= Exercise aim =
Nothing in the listing should be altered when it is copied, and no picture goes into the copy.

= Provided information =
______________________________
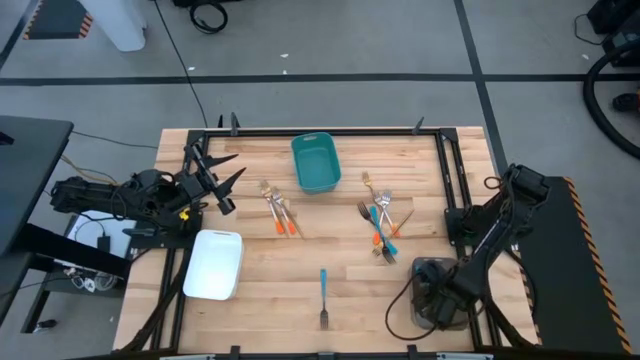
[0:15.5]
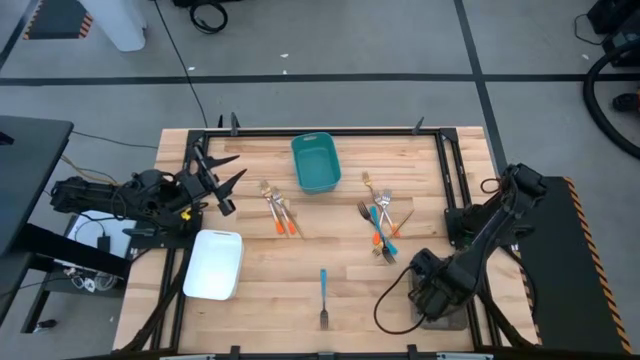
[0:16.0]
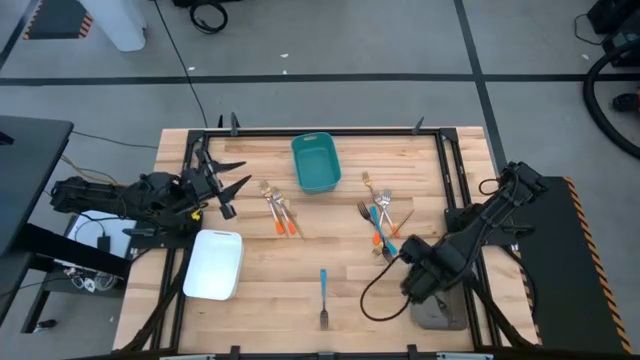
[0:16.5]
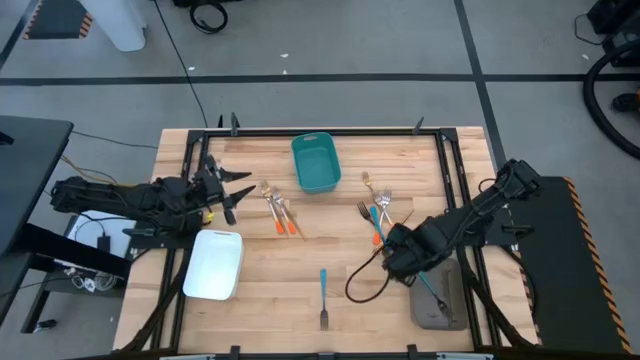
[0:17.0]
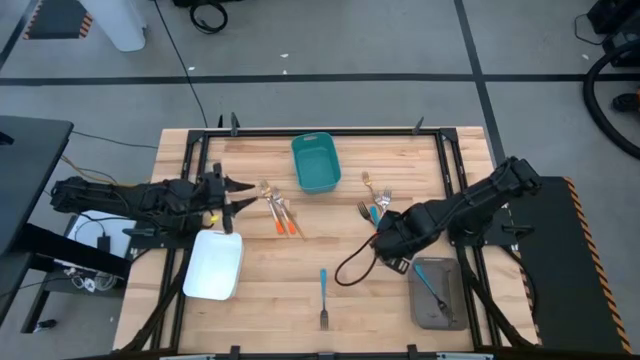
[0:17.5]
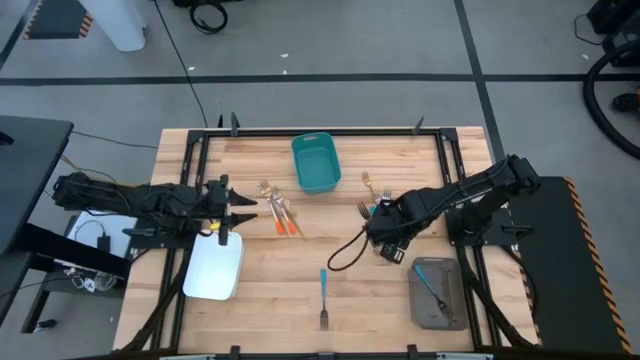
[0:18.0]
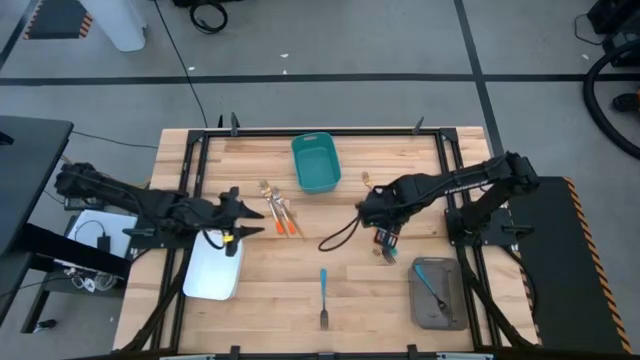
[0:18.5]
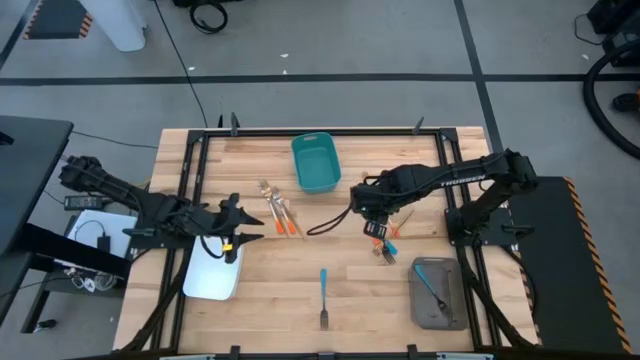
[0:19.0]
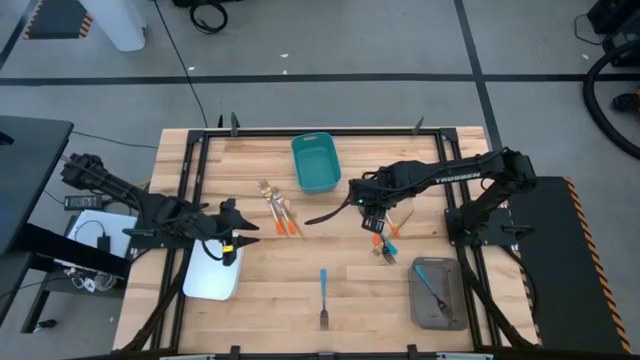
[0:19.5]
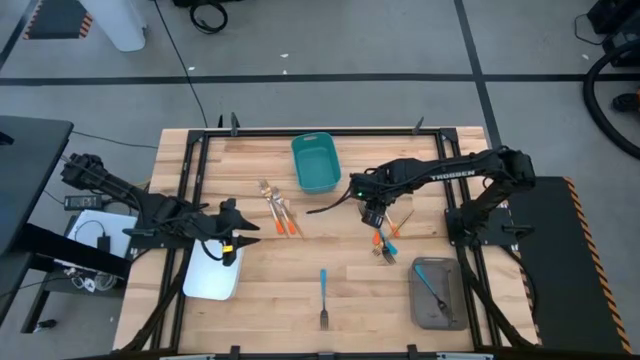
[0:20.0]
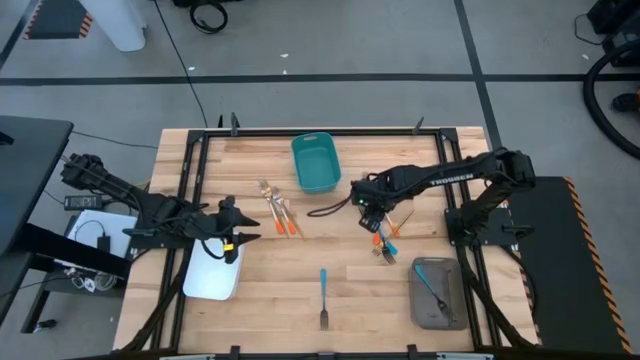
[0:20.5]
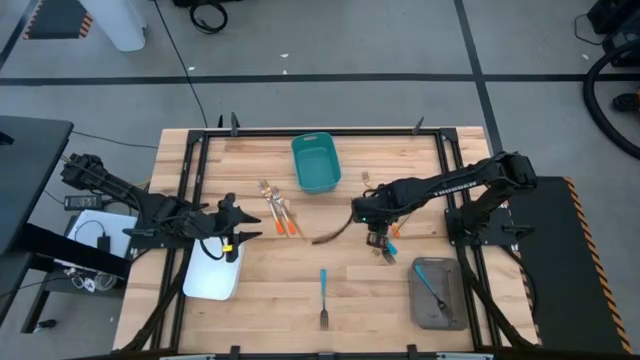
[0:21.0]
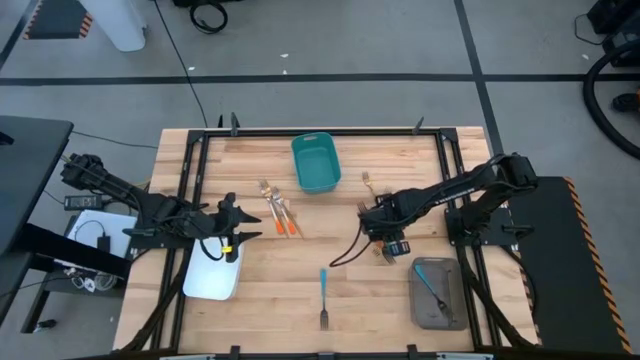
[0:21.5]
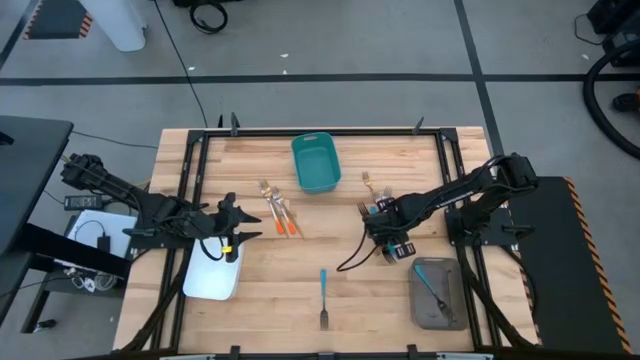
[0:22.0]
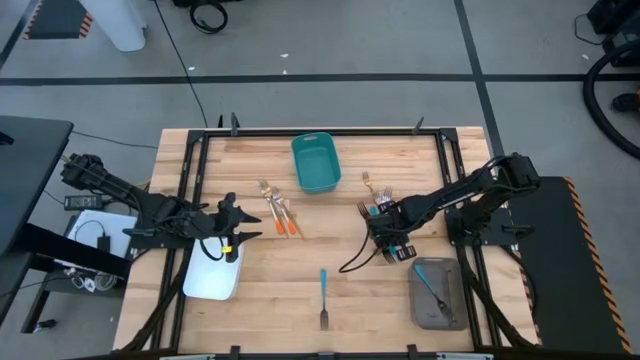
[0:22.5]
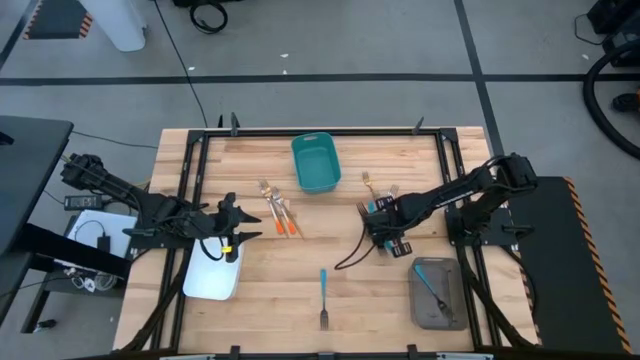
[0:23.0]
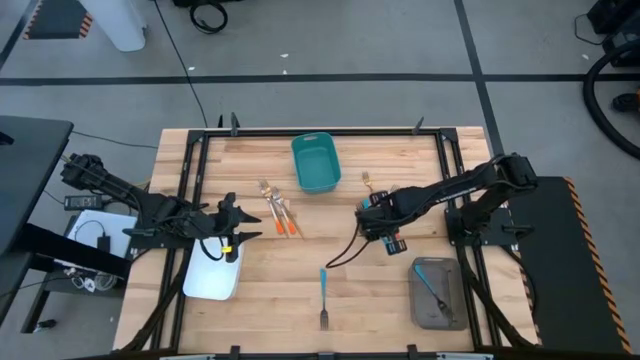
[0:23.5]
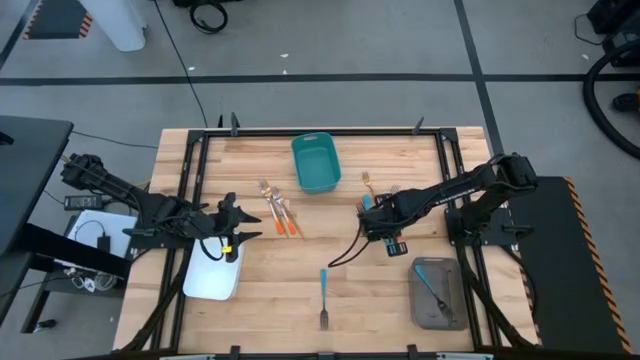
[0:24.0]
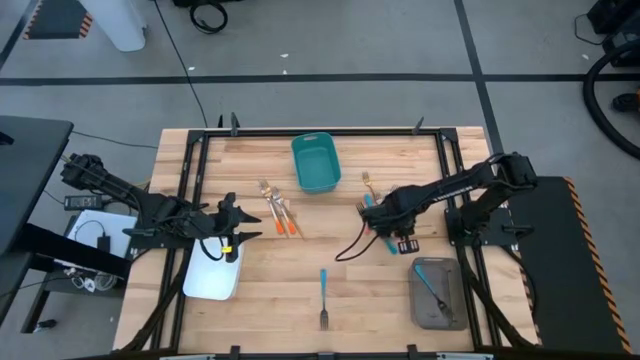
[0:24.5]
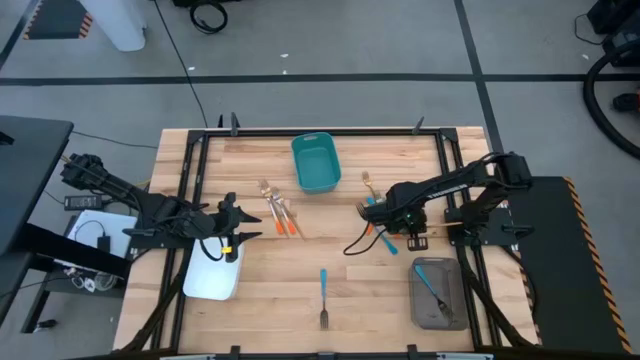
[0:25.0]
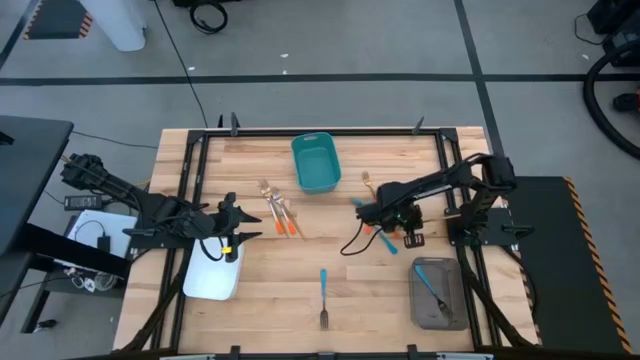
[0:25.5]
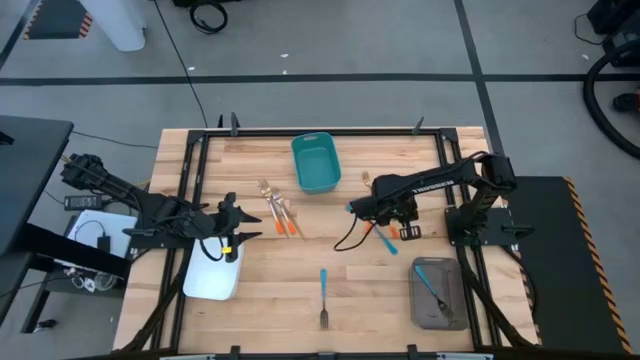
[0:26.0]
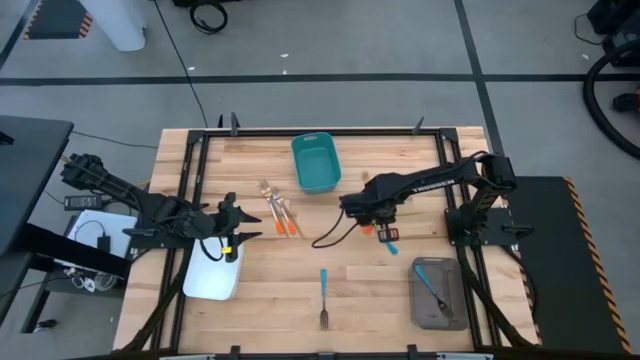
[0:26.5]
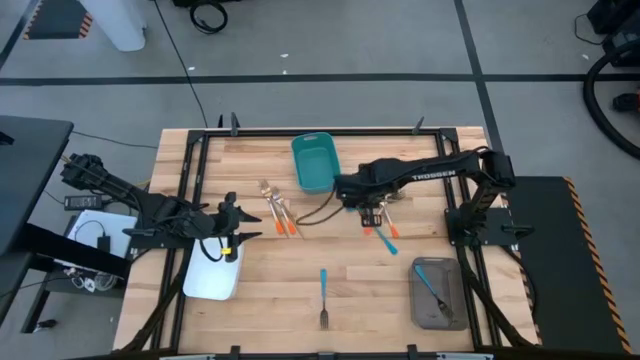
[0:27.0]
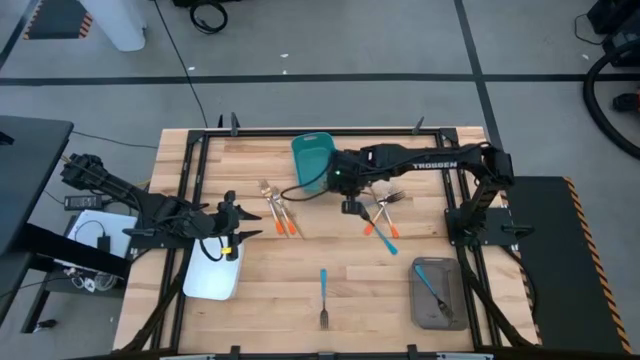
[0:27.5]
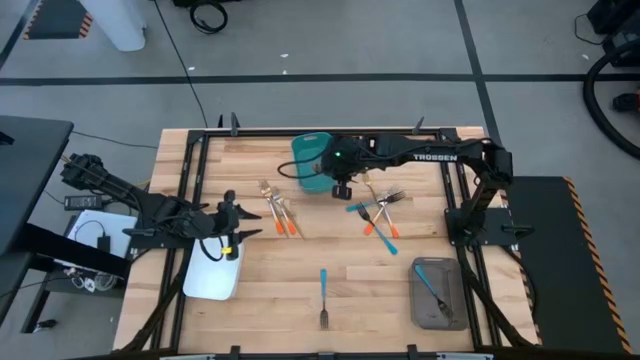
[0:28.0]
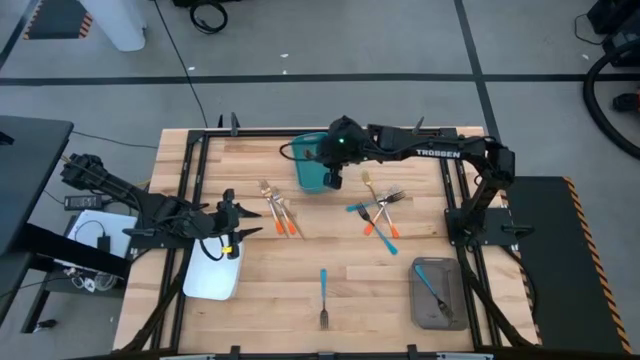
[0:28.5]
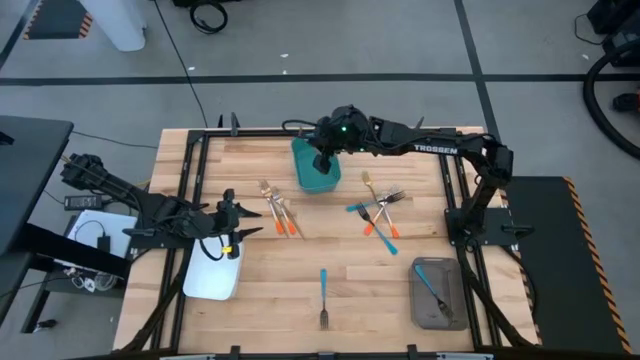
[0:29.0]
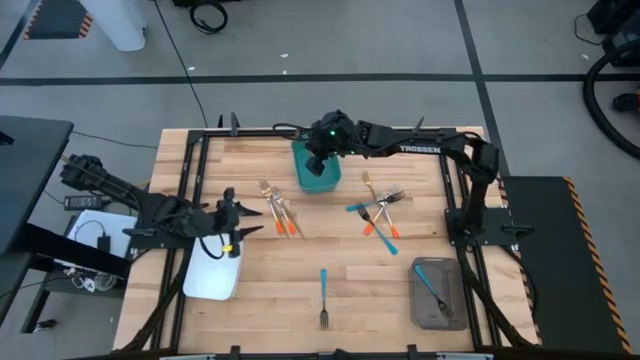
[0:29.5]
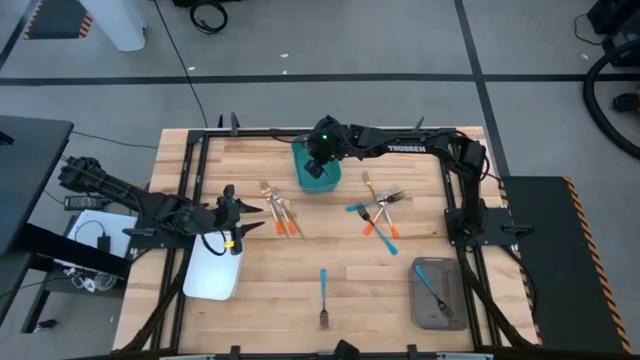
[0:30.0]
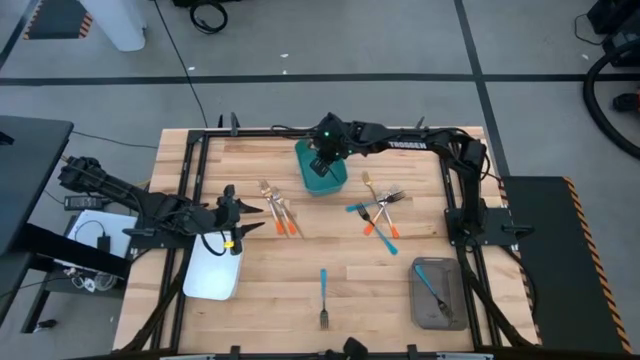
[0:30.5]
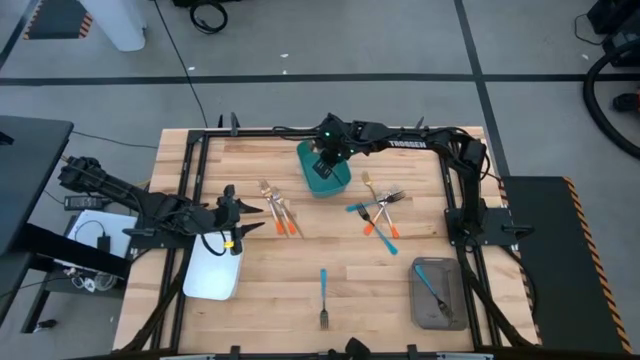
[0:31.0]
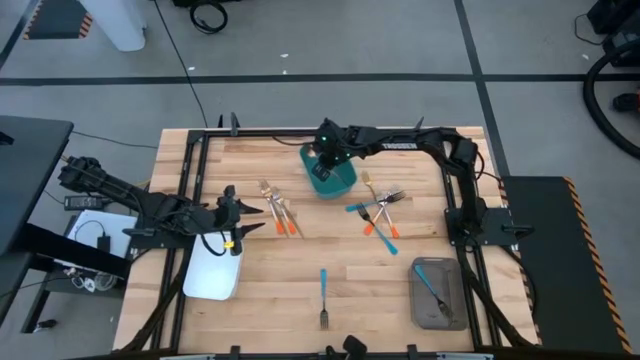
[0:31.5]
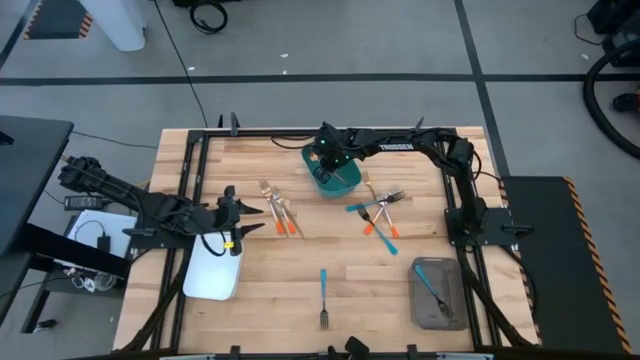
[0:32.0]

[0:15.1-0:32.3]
______________________________
= Written response =
[0:15.5]
[0:16.0]
[0:16.5]
[0:17.0]
[0:17.5]
[0:18.0]
[0:18.5]
[0:19.0]
[0:19.5]
[0:20.0]
[0:20.5]
[0:21.0]
[0:21.5]
[0:22.0]
[0:22.5]
[0:23.0]
[0:23.5]
[0:24.0]
[0:24.5]
[0:25.0]
[0:25.5]
[0:26.0]
[0:26.5]
[0:27.0]
[0:27.5]
[0:28.0]
[0:28.5]
[0:29.0]
[0:29.5]
[0:30.0]
[0:30.5]
[0:31.0]
[0:31.5]
[0:32.0]

[0:15.1-0:32.3]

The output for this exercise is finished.